Quite amazingly, director Matt Reeves and screenwriter Drew Goddard (working from an idea by producer J. J. Abrams) have brought this concept off extremely well, and have made it all come together. Obviously, they all did a great deal of painstaking work that was needed to make a professionally shot studio film look so incredibly spontaneous. In the press notes, director Reeves notes some of the limitations it placed on him as director: “It was an incredible readjustment because in trying to create the illusion of only one camera, you are working without the usual cinematic tools. So there is no big wide shot, no reverse shot to show the other person watching and listening. Everything you see and know comes from a single camera.”
On top of this, Reeves had to deal with complicated special effects shots, which had to be carefully preplanned, using animatics, to be placed in the cinema-verite footage. Reeves says, “we had to take a lot of things that were really well-rehearsed and find a way to make them seem accidental.” Producer J. J. Abrams adds that “Reeves did a lot of things that are incredibly complicated – like making shots look as if they were continuous and staging things in a way that felt spontaneous, which they hardly were!”
Scriptwriter Goddard also sets a solid foundation for the story, by introducing us to the four leading characters at a going away party in lower Manhattan that lasts nearly 20 minutes. Once again there is a comparison to Hitchcock, who did the same kind of slow opening in THE BIRDS, allowing the audience to become familiar with his main characters, before plunging them into total stark terror.
Likewise, Goddard has by design, allowed a somewhat tedious opening sequence to drag on, forever it seems, until we get to the big payoff, where an an unknown attack suddenly shatters the tranquility of the party sequence.
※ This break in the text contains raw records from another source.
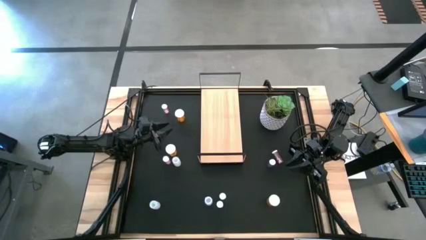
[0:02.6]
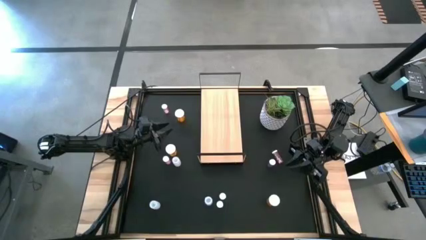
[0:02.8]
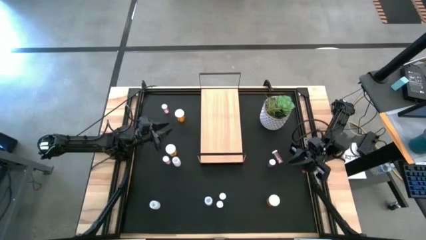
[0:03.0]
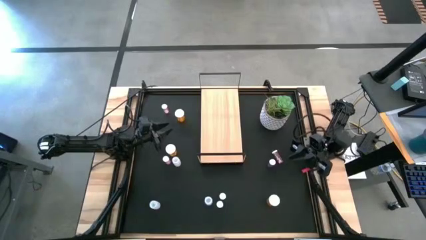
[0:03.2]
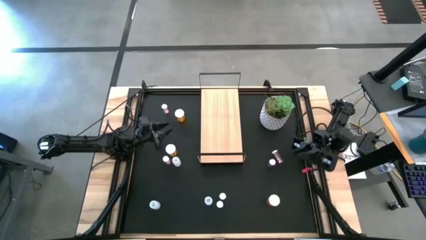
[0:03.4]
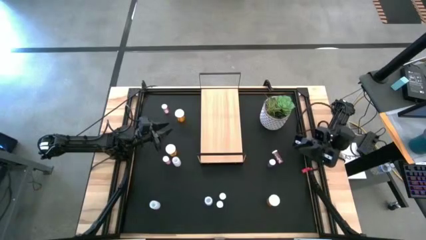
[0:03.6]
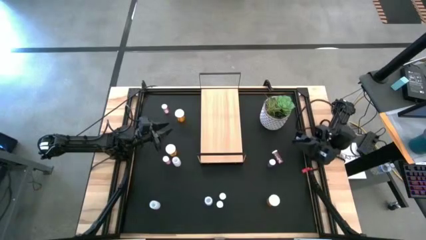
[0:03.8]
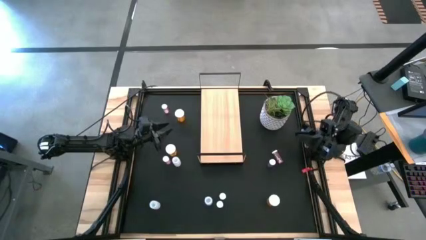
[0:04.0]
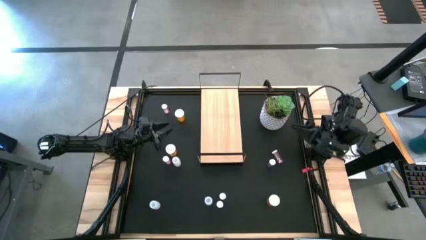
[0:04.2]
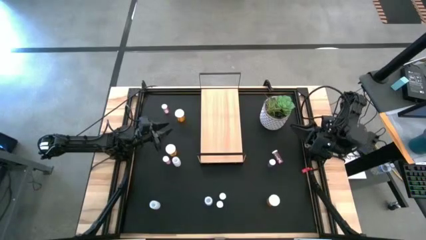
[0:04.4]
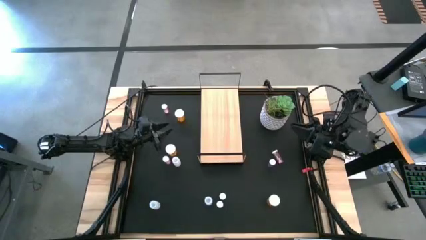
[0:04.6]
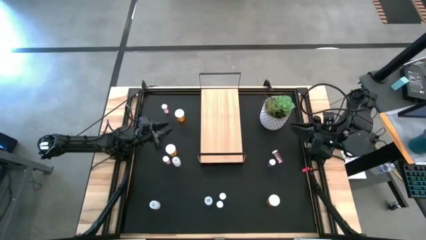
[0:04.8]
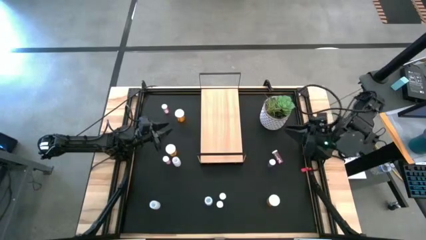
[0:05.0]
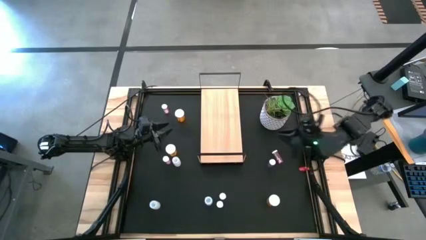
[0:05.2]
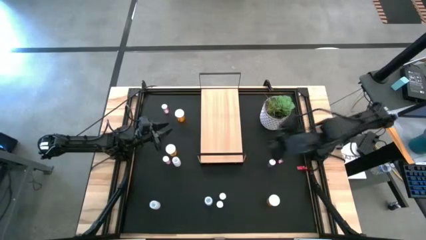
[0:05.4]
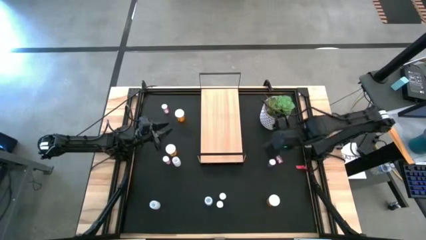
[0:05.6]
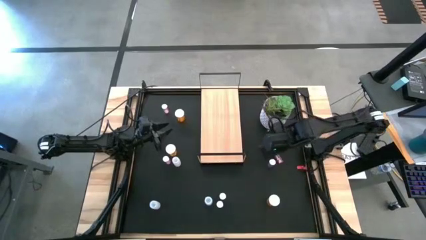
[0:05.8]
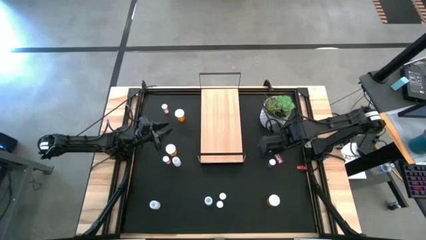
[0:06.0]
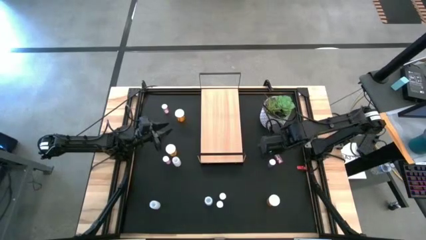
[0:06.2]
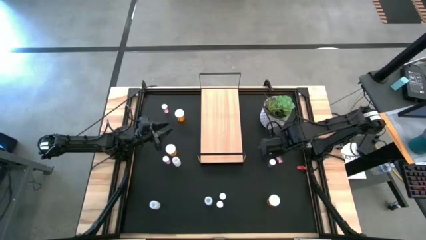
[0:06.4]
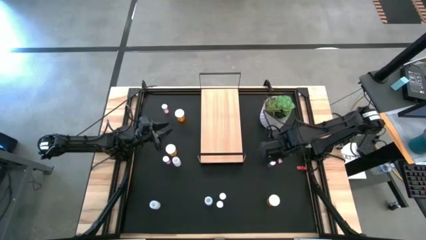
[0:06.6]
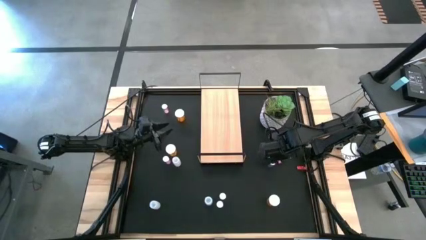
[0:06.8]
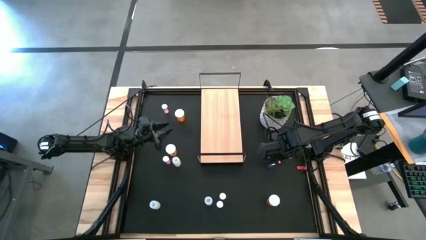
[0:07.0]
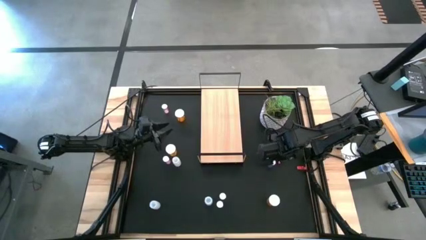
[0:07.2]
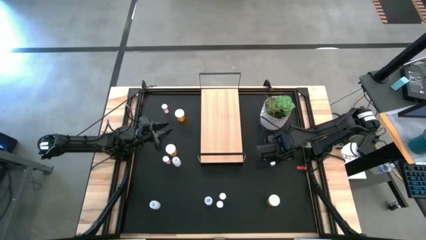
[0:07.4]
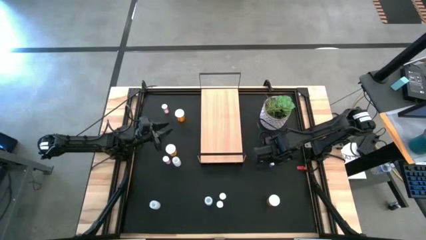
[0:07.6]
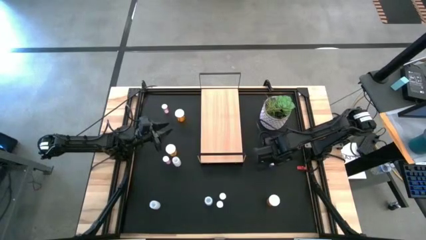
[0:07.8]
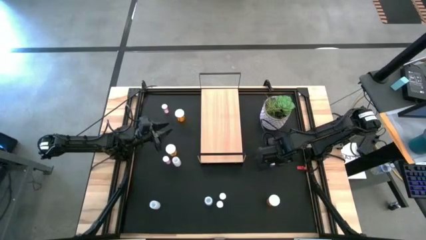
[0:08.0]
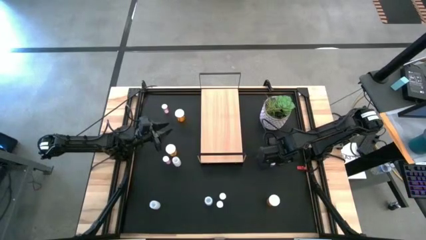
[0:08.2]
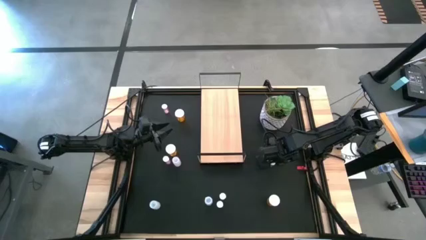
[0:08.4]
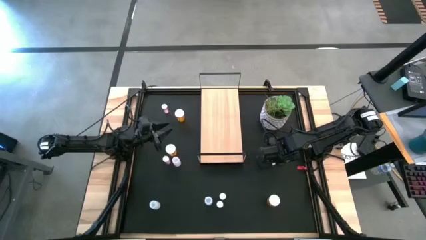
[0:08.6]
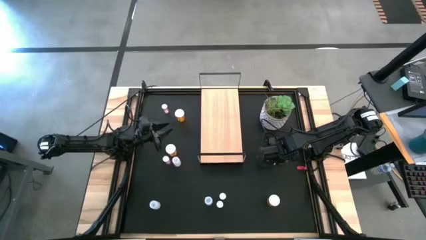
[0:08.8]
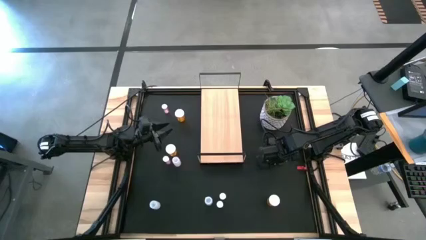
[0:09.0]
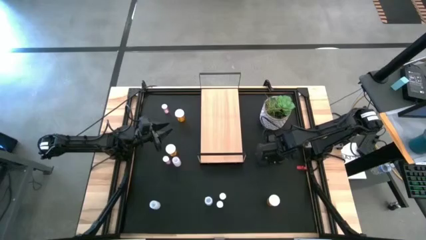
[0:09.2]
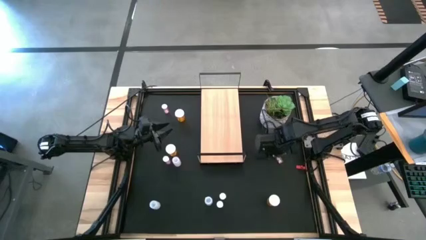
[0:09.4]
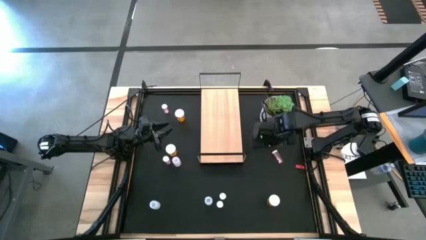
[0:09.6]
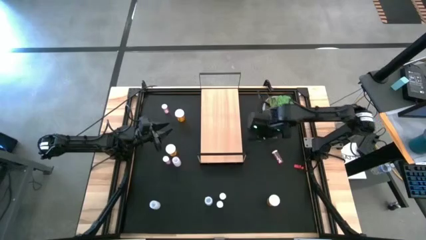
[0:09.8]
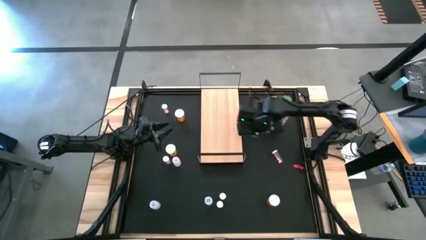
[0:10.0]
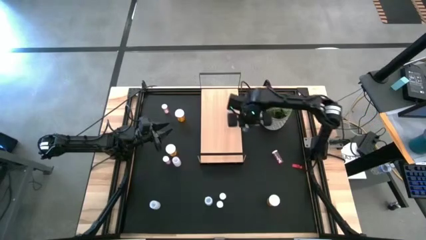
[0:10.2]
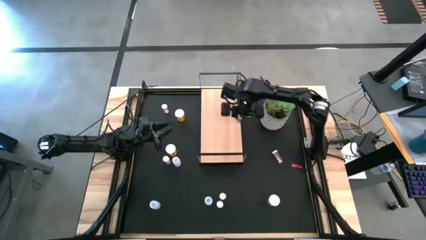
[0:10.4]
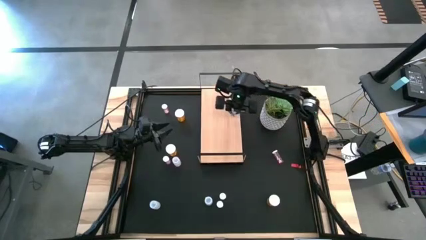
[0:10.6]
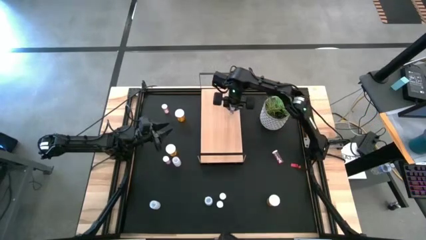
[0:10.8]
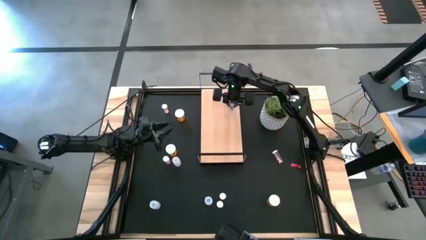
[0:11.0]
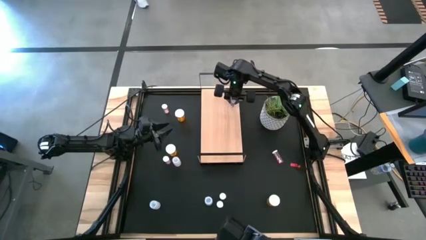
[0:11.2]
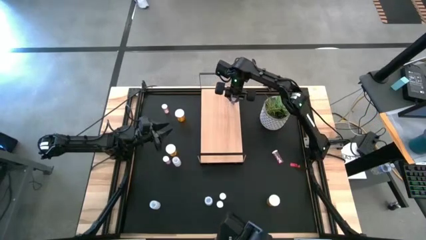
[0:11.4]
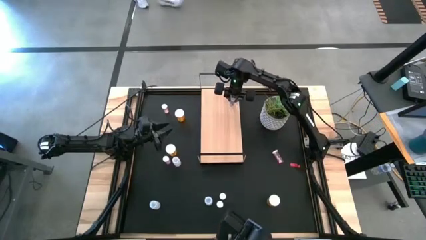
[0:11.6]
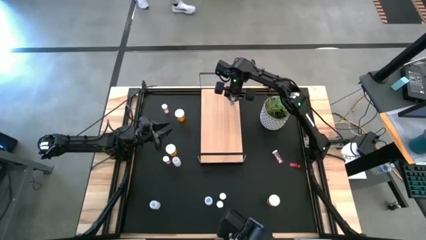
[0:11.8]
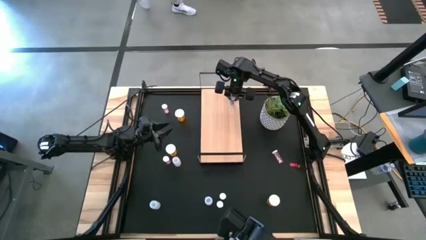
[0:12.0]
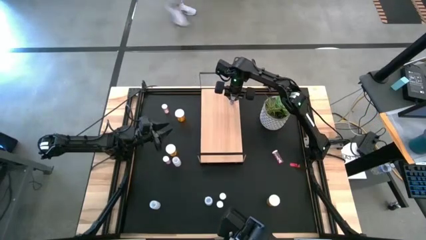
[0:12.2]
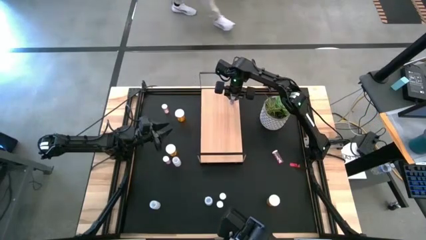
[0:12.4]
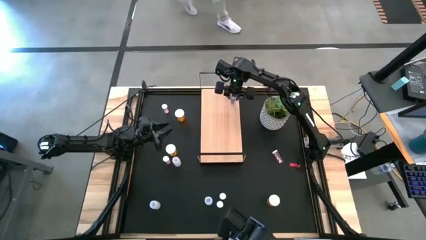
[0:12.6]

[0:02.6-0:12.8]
Task: Pick and place medicine bottles onto shelf by color
Put the top blue pill bottle on the shelf

Then, once the unexpected attack of the monster occurs, we are plunged into rapid action, but without the benefit of the long opening set-up, everything that follows would become quite mechanical and lack any real emotional impact, just as you got when watching the stock characters running away from horrifying events in Ray Harryhausen’s fifties monster films like THE BEAST FROM 20,000 FATHOMS. In fact, in those old Harryhausen’s movies, you were usually rooting for the monster to win, and somehow hoped he might outwit what seemed to be incredible stupid human characters. But in CLOVERFIELD, we are always pretty much on the side of the human beings, although as producer Abrams notes, they still wanted to get some sympathy for their “beastie.” “He’s like a baby,” says Abrams. “He’s brand-new, he’s confused, disoriented and irritable. And he’s been down there in the water for thousands and thousands of years.”
Indeed, like Harryhausen and Ray Bradbury’s BEAST FROM 20,000 FATHOMS, it would appear that the Cloverfield monster may have been disturbed by the global warming of the polar ice caps and has awakened from his nocturnal slumbers to come and attack New York City. But as screenwriter Goddard says, “We don’t actually say where he’s from, quite deliberately. Our movie doesn’t have the scientist in the white lab coat who shows up and explains things like that.”
While Goddard wisely leaves out any specific explanation for the origin of the Cloverfield monster, it’s also easy to see it as a metaphor for the disastrous policies the United States has pursued under the current administration of President George W. Bush. Besides the similarities to seeing building topple in Manhattan like the 9/11 attacks, how else can you interpret the head of that supreme icon of American Liberty (namely the Statue of), being decapitated and shown landing like Medusa in the streets of Soho?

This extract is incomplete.